WHAT TO WORK ON
Set down every entry exactly as it stands, omitting any picture.

── STORED DATA ──

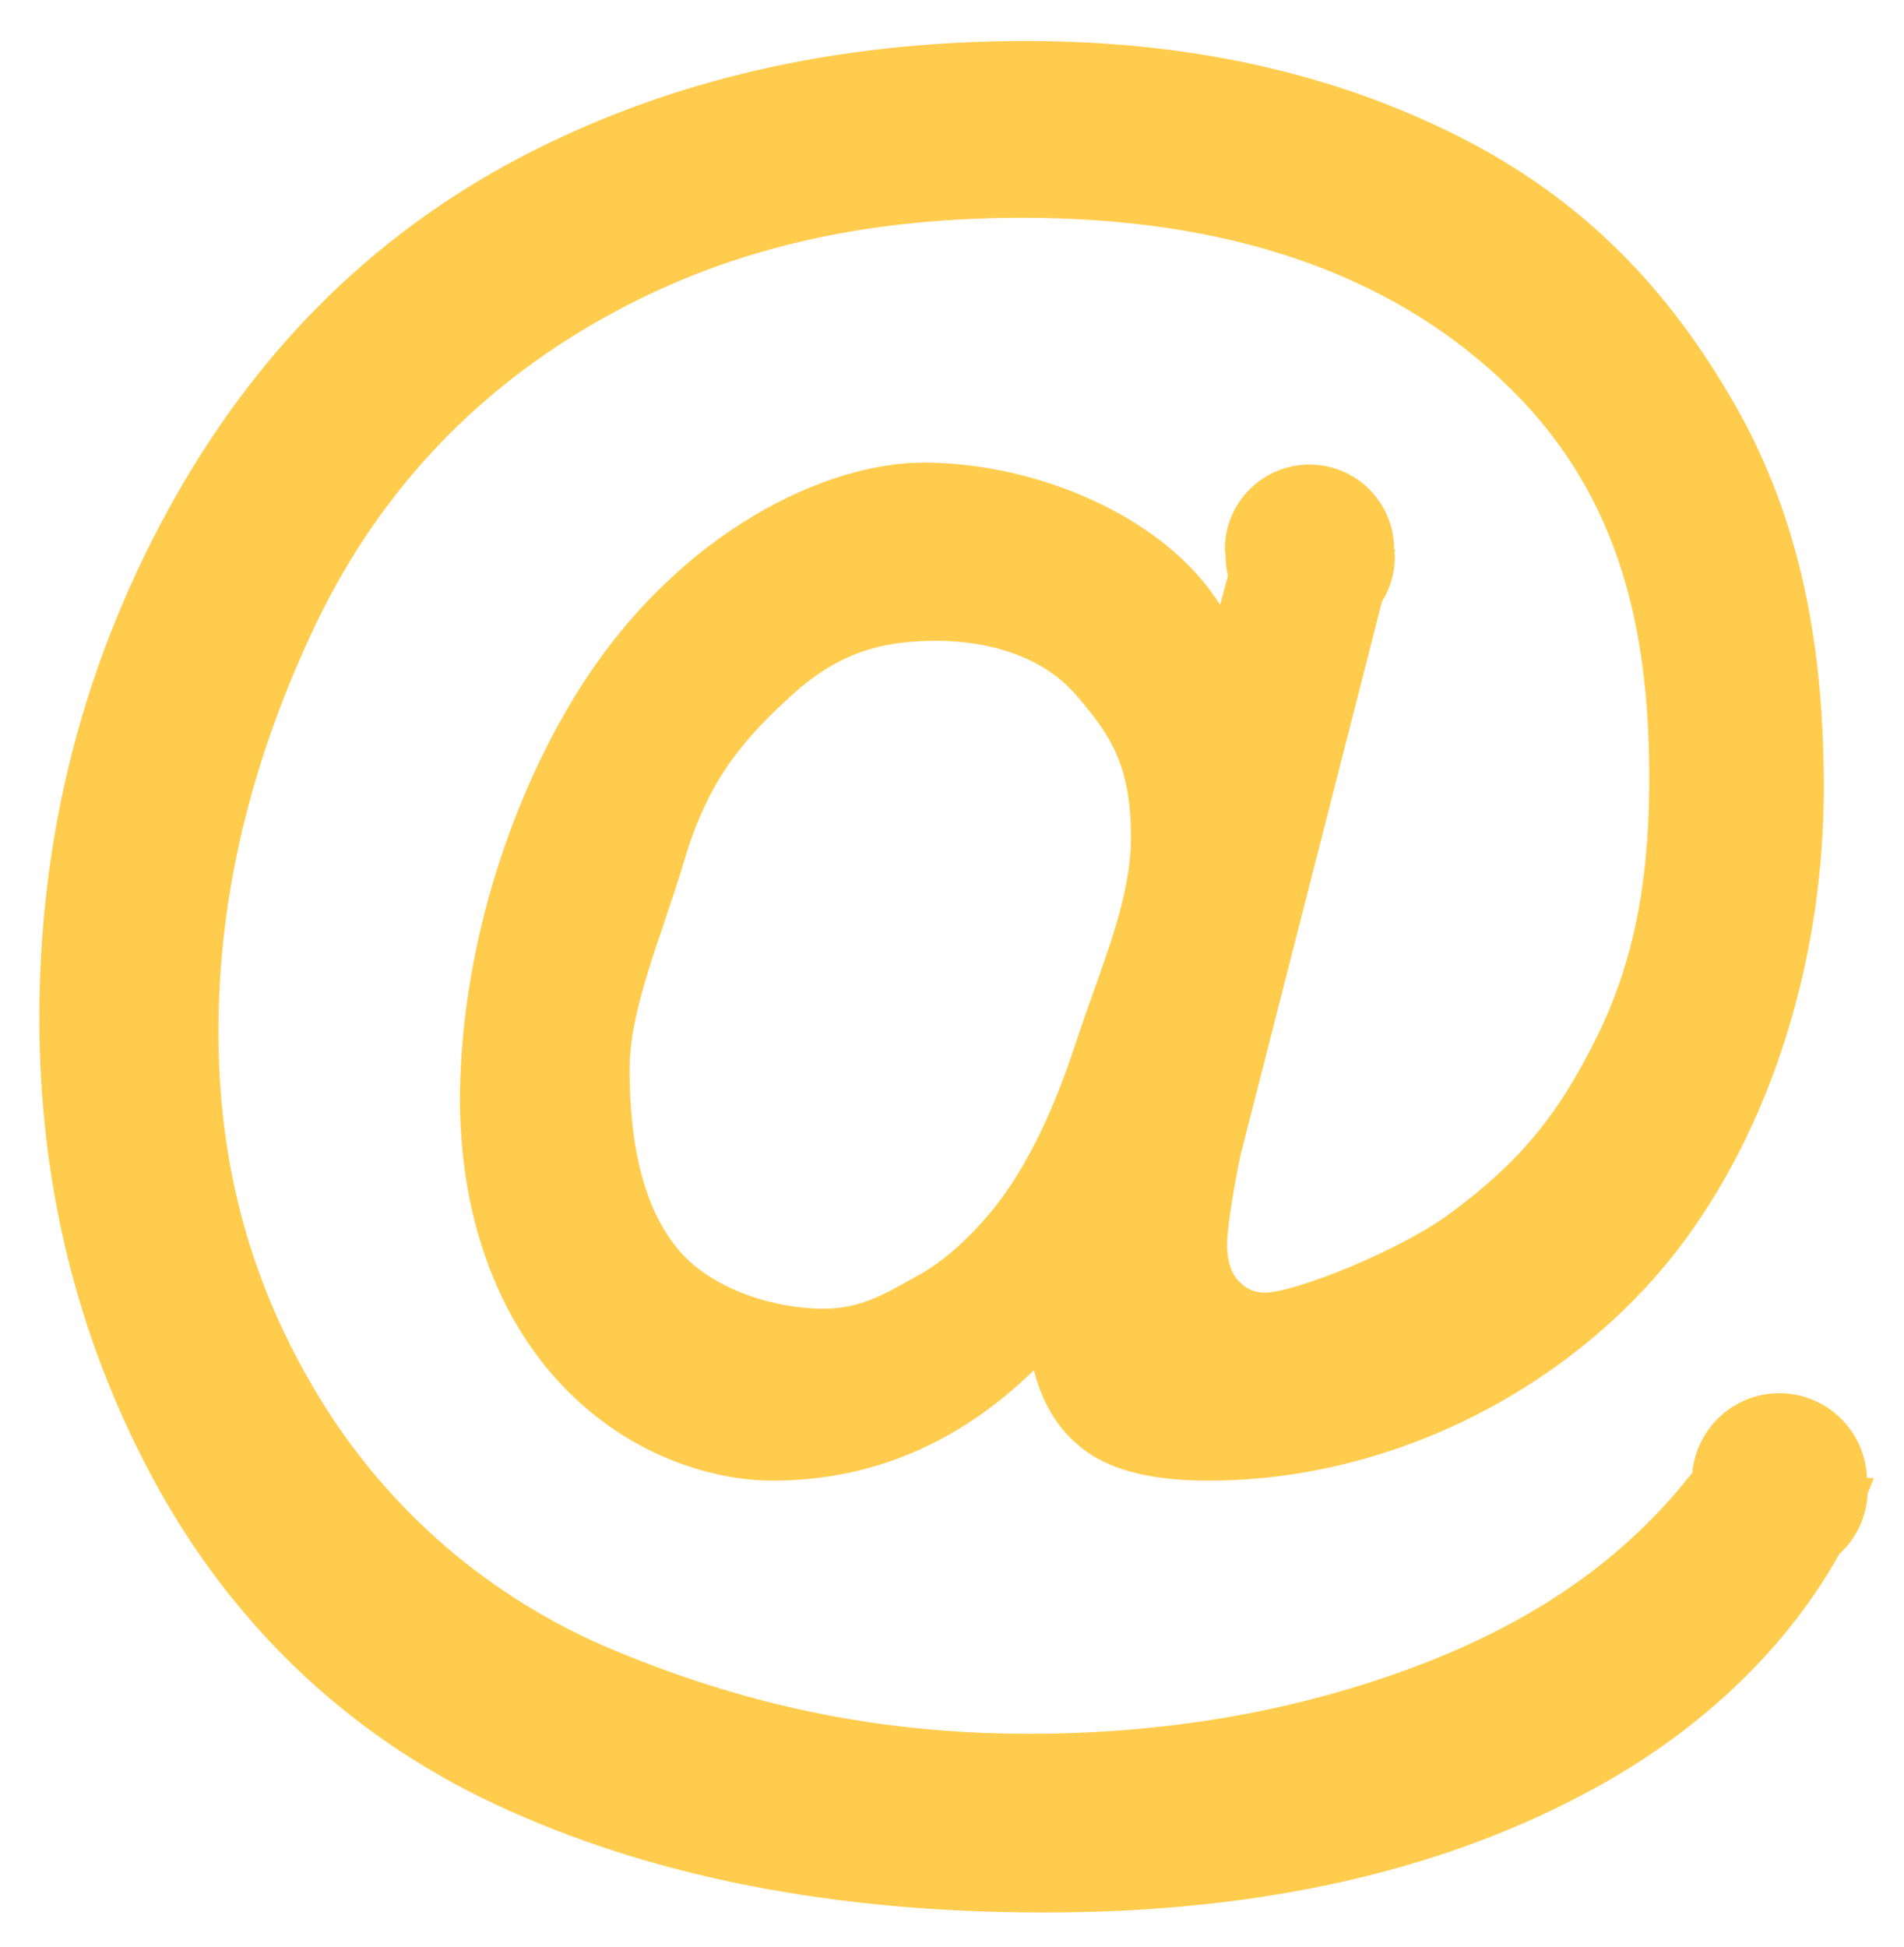 <svg 
 xmlns="http://www.w3.org/2000/svg"
 xmlns:xlink="http://www.w3.org/1999/xlink"
 width="45px" height="46px">
<path fill-rule="evenodd"  fill="#FFCC4E"
 d="M14.516,38.997 C17.436,40.210 20.561,40.970 24.324,40.970 C27.949,40.970 31.067,40.308 33.677,39.294 C36.286,38.279 38.387,36.849 39.980,34.820 L39.994,34.821 C40.086,33.758 40.968,32.922 42.054,32.922 C43.176,32.922 44.084,33.812 44.125,34.924 L44.286,34.928 C44.245,35.050 44.188,35.168 44.142,35.288 C44.116,35.856 43.865,36.361 43.473,36.720 C42.271,38.876 40.314,40.791 37.841,42.172 C34.246,44.186 29.861,45.193 24.688,45.193 C19.681,45.193 15.358,44.343 11.716,42.641 C8.075,40.940 5.367,38.214 3.592,34.896 C1.817,31.577 0.930,27.966 0.930,24.060 C0.930,19.773 1.939,15.780 3.956,12.080 C5.974,8.380 8.735,5.603 12.240,3.750 C15.744,1.896 19.750,0.969 24.255,0.969 C28.079,0.969 31.477,1.717 34.450,3.212 C37.424,4.707 39.446,6.831 41.016,9.585 C42.586,12.339 43.105,15.348 43.105,18.613 C43.105,22.504 41.960,26.325 39.924,29.163 C37.547,32.496 33.229,34.988 28.556,34.988 C27.297,34.988 26.349,34.767 25.712,34.325 C25.075,33.882 24.650,33.234 24.437,32.379 C22.647,34.119 20.584,34.988 18.248,34.988 C16.979,34.988 14.952,34.490 13.291,32.743 C11.629,30.996 10.782,28.422 10.878,25.524 C11.003,21.752 12.363,18.354 13.740,16.207 C16.079,12.548 19.528,10.931 21.820,10.931 C24.521,10.931 27.545,12.219 28.835,14.293 L29.021,13.608 C28.988,13.464 28.967,13.316 28.967,13.163 L28.949,12.977 C28.949,11.873 29.845,10.977 30.949,10.977 C32.054,10.977 32.949,11.873 32.949,12.977 L32.951,12.998 L32.974,12.998 L32.957,13.061 L32.967,13.163 C32.967,13.549 32.853,13.907 32.663,14.213 L29.321,27.287 C29.108,28.324 29.002,29.096 29.002,29.401 C29.002,29.782 29.089,30.068 29.264,30.259 C29.438,30.450 29.647,30.545 29.890,30.545 C30.618,30.545 33.183,29.511 34.337,28.626 C35.884,27.467 36.811,26.402 37.767,24.449 C38.722,22.496 38.979,20.475 38.979,18.384 C38.979,14.631 38.175,11.493 35.475,8.967 C32.774,6.442 29.004,5.146 24.164,5.146 C20.053,5.146 16.784,6.023 13.924,7.709 C11.064,9.394 8.876,11.767 7.428,14.826 C5.979,17.885 5.163,21.070 5.163,24.380 C5.163,27.599 5.954,30.420 7.570,33.060 C9.186,35.699 11.595,37.784 14.516,38.997 ZM25.426,16.418 C24.630,15.495 23.341,15.142 22.127,15.142 C20.822,15.142 19.799,15.433 18.692,16.447 C17.584,17.462 16.750,18.407 16.189,20.284 C15.627,22.160 14.880,23.824 14.880,25.273 C14.880,27.211 15.271,28.637 16.052,29.552 C16.834,30.468 18.301,30.925 19.454,30.925 C20.319,30.925 20.872,30.603 21.631,30.176 C22.207,29.871 22.776,29.391 23.338,28.735 C24.142,27.804 24.836,26.446 25.420,24.661 C26.004,22.876 26.729,21.321 26.729,19.780 C26.729,18.056 26.223,17.341 25.426,16.418 Z"/>
</svg>

───

EXERCISE RESULT
 <svg 
 xmlns="http://www.w3.org/2000/svg"
 xmlns:xlink="http://www.w3.org/1999/xlink"
 width="45px" height="46px">
<path fill-rule="evenodd"  fill="#FFCC4E"
 d="M14.516,38.997 C17.436,40.210 20.561,40.970 24.324,40.970 C27.949,40.970 31.067,40.308 33.677,39.294 C36.286,38.279 38.387,36.849 39.980,34.820 L39.994,34.821 C40.086,33.758 40.968,32.922 42.054,32.922 C43.176,32.922 44.084,33.812 44.125,34.924 L44.286,34.928 C44.245,35.050 44.188,35.168 44.142,35.288 C44.116,35.856 43.865,36.361 43.473,36.720 C42.271,38.876 40.314,40.791 37.841,42.172 C34.246,44.186 29.861,45.193 24.688,45.193 C19.681,45.193 15.358,44.343 11.716,42.641 C8.075,40.940 5.367,38.214 3.592,34.896 C1.817,31.577 0.930,27.966 0.930,24.060 C0.930,19.773 1.939,15.780 3.956,12.080 C5.974,8.380 8.735,5.603 12.240,3.750 C15.744,1.896 19.750,0.969 24.255,0.969 C28.079,0.969 31.477,1.717 34.450,3.212 C37.424,4.707 39.446,6.831 41.016,9.585 C42.586,12.339 43.105,15.348 43.105,18.613 C43.105,22.504 41.960,26.325 39.924,29.163 C37.547,32.496 33.229,34.988 28.556,34.988 C27.297,34.988 26.349,34.767 25.712,34.325 C25.075,33.882 24.650,33.234 24.437,32.379 C22.647,34.119 20.584,34.988 18.248,34.988 C16.979,34.988 14.952,34.490 13.291,32.743 C11.629,30.996 10.782,28.422 10.878,25.524 C11.003,21.752 12.363,18.354 13.740,16.207 C16.079,12.548 19.528,10.931 21.820,10.931 C24.521,10.931 27.545,12.219 28.835,14.293 L29.021,13.608 C28.988,13.464 28.967,13.316 28.967,13.163 L28.949,12.977 C28.949,11.873 29.845,10.977 30.949,10.977 C32.054,10.977 32.949,11.873 32.949,12.977 L32.951,12.998 L32.974,12.998 L32.957,13.061 L32.967,13.163 C32.967,13.549 32.853,13.907 32.663,14.213 L29.321,27.287 C29.108,28.324 29.002,29.096 29.002,29.401 C29.002,29.782 29.089,30.068 29.264,30.259 C29.438,30.450 29.647,30.545 29.890,30.545 C30.618,30.545 33.183,29.511 34.337,28.626 C35.884,27.467 36.811,26.402 37.767,24.449 C38.722,22.496 38.979,20.475 38.979,18.384 C38.979,14.631 38.175,11.493 35.475,8.967 C32.774,6.442 29.004,5.146 24.164,5.146 C20.053,5.146 16.784,6.023 13.924,7.709 C11.064,9.394 8.876,11.767 7.428,14.826 C5.979,17.885 5.163,21.070 5.163,24.380 C5.163,27.599 5.954,30.420 7.570,33.060 C9.186,35.699 11.595,37.784 14.516,38.997 ZM25.426,16.418 C24.630,15.495 23.341,15.142 22.127,15.142 C20.822,15.142 19.799,15.433 18.692,16.447 C17.584,17.462 16.750,18.407 16.189,20.284 C15.627,22.160 14.880,23.824 14.880,25.273 C14.880,27.211 15.271,28.637 16.052,29.552 C16.834,30.468 18.301,30.925 19.454,30.925 C20.319,30.925 20.872,30.603 21.631,30.176 C22.207,29.871 22.776,29.391 23.338,28.735 C24.142,27.804 24.836,26.446 25.420,24.661 C26.004,22.876 26.729,21.321 26.729,19.780 C26.729,18.056 26.223,17.341 25.426,16.418 Z"/>
</svg>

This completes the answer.